Paradoxalement, je pense que cette ouverture a plutôt diminué la curiosité que l'a stimulée. Le cannabis n'est pas un sujet tabou chez nous. C'est simplement un sujet dont on parle ouvertement et sans honte. Si un jour mes enfants décident que le cannabis a sa place dans leur vie d'adulte, je souhaite que cette décision soit le fruit d'une réflexion et non d'une rébellion.

Photo gracieuseté de Cecilia Miraldi via Unsplash

Redéfinir la parentalité selon mes propres conditions
Je ne m'attends pas à ce que tous les parents consomment du cannabis, ni à ce que tout le monde approuve mes choix. J'espère simplement que nous serons plus enclins à remettre en question les idées reçues sur ce qu'est une « bonne mère ».

Il existe des parents consommateurs de cannabis responsables. Nous élevons nos familles, menons nos carrières, gérons nos problèmes de santé, soutenons nos communautés et faisons de notre mieux pour être présents pour nos proches.

Pendant longtemps, j'ai ressenti la pression de devoir séparer différentes facettes de ma personnalité : la mère d'un côté, l'entrepreneuse de l'autre, et la consommatrice de cannabis uniquement là où je me sentais en sécurité. Je pensais que pour correspondre aux attentes des autres, je devais me réduire à des morceaux plus petits et plus acceptables. Je n'y crois plus.

Le cannabis ne m'a pas éloignée de mon rôle de mère. Il n'a en rien diminué mon ambition ni ma capacité à prendre soin de ma famille. Au contraire, il est devenu un outil parmi d'autres qui m'a aidée à m'adapter lorsque la vie ne se déroulait pas comme prévu. Je suis toujours la femme qui a bâti son entreprise à partir de rien. Je suis toujours la mère qui veut le meilleur pour ses enfants. Je suis toujours la professionnelle qui croit profondément en son travail. La différence, c'est que je ne ressens plus le besoin de cacher une partie de moi-même pour mettre les autres à l'aise.

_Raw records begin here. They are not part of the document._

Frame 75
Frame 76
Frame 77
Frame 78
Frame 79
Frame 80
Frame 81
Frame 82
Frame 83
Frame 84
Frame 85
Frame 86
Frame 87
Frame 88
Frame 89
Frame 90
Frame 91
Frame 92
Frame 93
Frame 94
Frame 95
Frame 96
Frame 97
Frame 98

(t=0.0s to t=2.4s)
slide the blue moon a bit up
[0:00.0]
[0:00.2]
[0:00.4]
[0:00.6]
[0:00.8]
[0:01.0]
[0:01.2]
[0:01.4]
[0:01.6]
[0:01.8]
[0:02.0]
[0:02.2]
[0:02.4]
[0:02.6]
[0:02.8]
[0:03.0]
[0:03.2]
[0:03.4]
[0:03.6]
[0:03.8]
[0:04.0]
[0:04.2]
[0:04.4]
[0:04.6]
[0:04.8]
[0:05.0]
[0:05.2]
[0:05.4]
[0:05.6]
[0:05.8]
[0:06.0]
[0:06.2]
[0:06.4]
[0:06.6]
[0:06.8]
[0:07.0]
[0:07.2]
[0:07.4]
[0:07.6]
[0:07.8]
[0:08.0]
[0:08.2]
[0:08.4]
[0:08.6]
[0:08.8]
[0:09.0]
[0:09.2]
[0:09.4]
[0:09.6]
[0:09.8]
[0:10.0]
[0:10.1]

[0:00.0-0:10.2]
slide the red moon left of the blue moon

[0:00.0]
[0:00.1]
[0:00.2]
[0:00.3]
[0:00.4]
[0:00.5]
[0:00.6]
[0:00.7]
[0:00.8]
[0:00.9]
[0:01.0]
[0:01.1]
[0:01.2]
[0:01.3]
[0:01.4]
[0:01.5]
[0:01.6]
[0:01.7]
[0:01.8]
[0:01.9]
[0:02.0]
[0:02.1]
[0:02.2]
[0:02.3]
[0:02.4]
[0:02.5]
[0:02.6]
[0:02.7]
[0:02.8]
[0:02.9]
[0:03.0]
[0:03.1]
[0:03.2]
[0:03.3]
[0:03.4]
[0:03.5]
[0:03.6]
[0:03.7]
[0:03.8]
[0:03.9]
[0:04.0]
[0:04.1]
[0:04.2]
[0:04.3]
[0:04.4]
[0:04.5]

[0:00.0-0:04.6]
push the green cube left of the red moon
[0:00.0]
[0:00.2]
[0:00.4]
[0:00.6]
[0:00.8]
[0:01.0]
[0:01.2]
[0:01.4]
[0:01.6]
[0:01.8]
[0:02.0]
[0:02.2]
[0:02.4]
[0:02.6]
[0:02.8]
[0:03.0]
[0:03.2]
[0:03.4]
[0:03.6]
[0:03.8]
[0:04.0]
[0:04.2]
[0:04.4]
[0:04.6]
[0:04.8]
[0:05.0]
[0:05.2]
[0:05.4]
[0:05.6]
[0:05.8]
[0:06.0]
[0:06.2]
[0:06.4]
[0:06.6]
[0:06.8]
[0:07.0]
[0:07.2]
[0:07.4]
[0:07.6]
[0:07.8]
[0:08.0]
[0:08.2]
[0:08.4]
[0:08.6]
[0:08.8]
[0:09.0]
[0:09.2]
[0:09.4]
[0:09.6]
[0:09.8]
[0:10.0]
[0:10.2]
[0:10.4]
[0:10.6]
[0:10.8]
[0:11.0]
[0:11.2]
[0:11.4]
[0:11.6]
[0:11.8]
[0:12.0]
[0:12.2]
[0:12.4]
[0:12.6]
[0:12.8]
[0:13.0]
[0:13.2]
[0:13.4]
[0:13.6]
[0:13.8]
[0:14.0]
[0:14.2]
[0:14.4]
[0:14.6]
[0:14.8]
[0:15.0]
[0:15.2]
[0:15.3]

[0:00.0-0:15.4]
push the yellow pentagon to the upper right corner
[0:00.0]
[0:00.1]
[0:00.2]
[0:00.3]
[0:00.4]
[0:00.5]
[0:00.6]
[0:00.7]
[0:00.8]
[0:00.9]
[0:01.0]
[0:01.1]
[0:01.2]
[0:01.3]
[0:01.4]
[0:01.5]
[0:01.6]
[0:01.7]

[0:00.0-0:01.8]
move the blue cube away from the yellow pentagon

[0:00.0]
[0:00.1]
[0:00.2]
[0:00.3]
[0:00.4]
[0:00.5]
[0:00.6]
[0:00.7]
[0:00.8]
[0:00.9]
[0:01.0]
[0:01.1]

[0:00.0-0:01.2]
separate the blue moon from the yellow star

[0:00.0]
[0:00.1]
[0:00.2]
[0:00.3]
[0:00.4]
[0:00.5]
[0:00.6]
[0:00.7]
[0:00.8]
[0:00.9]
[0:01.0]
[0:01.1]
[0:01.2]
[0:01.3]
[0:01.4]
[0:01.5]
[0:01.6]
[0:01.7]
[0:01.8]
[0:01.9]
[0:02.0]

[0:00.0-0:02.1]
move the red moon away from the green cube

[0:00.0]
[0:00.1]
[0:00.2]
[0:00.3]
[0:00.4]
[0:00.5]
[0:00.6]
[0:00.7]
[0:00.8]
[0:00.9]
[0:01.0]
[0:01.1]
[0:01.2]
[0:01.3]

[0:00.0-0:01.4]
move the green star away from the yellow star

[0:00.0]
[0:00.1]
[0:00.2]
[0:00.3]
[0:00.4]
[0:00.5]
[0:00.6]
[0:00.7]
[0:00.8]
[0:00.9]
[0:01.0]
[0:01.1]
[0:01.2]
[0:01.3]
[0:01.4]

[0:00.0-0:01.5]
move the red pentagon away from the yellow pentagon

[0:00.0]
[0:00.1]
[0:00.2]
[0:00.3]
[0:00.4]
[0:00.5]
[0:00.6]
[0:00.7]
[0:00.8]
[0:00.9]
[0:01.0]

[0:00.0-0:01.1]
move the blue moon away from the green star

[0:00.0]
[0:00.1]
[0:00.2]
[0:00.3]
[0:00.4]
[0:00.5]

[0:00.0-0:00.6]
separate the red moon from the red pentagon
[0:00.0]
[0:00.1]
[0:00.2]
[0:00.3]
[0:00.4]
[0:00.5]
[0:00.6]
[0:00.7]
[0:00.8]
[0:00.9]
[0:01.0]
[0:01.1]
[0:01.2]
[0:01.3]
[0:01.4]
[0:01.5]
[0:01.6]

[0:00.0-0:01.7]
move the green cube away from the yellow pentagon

Si le partage de mon histoire peut aider un autre parent à se sentir un peu moins honteux, un peu moins isolé, ou un peu plus à l'aise pour aborder ces sujets ouvertement, alors chaque moment difficile vécu en aura valu la peine. Redéfinir la parentalité, ce n'est peut-être pas se conformer aux attentes des autres. C'est peut-être avoir le courage de la définir pour soi-même.

Cet article reflète l'expérience et les opinions personnelles d'un contributeur externe non rémunéré. Il ne représente pas la position éditoriale de High Times et ne constitue en aucun cas un avis médical, juridique ou professionnel. La législation sur le cannabis varie selon les juridictions.